(Data to examine Opens)

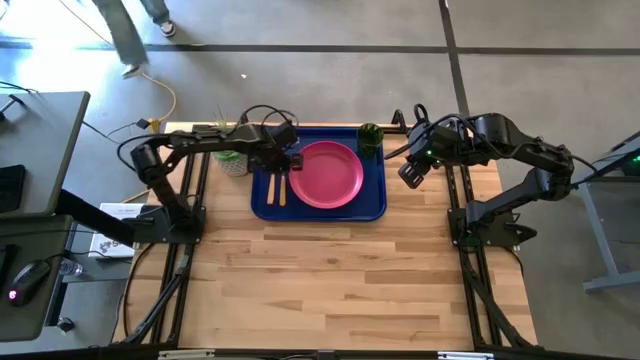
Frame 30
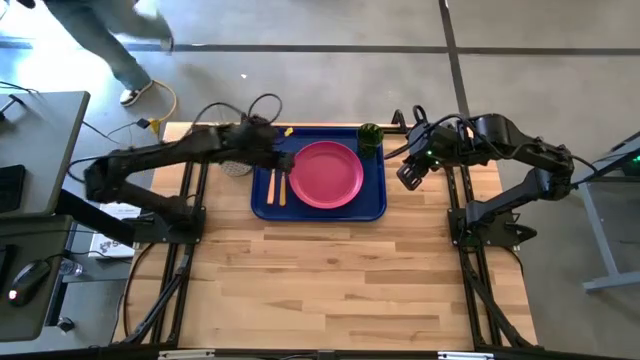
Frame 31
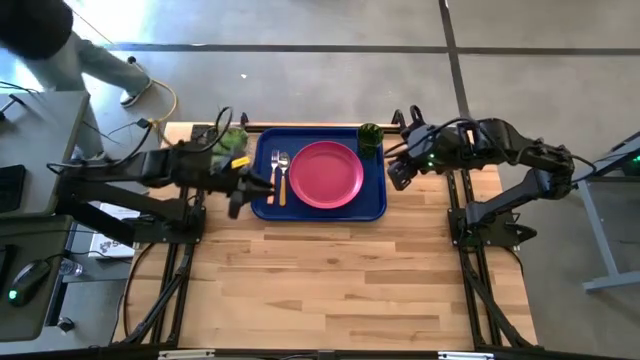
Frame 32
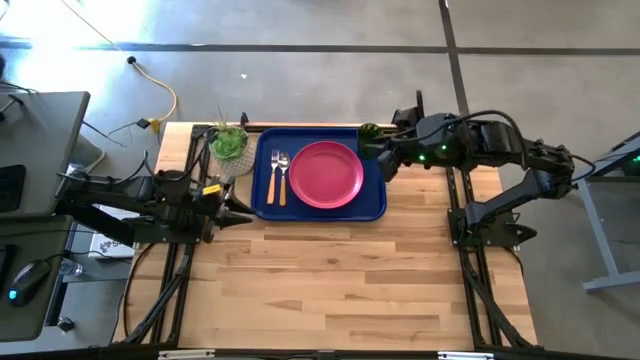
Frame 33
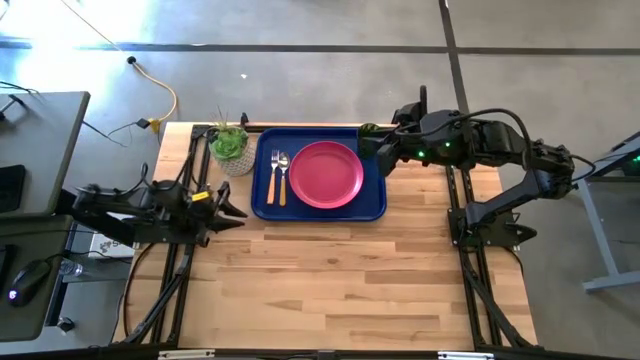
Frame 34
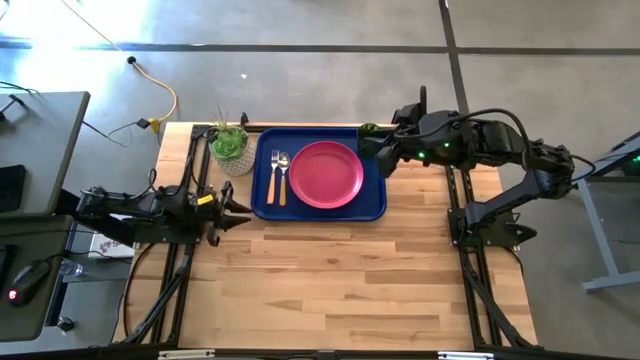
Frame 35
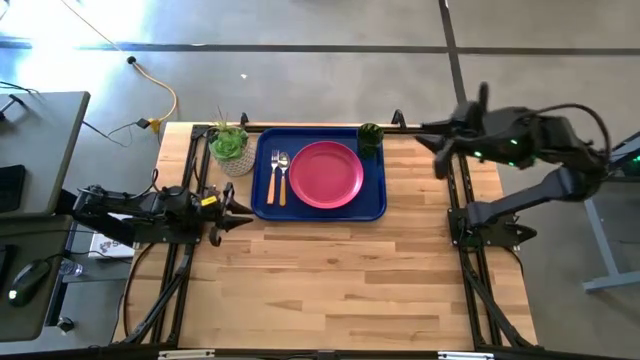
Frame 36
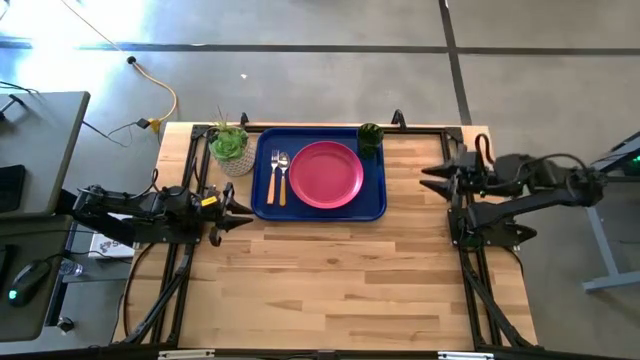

(Data to examine Closes)

◆ **Action item**
A word-for-word copy of the data, without its pictures, is what is needed.

◆ **Solution**
Frame 30
Frame 31
Frame 32
Frame 33
Frame 34
Frame 35
Frame 36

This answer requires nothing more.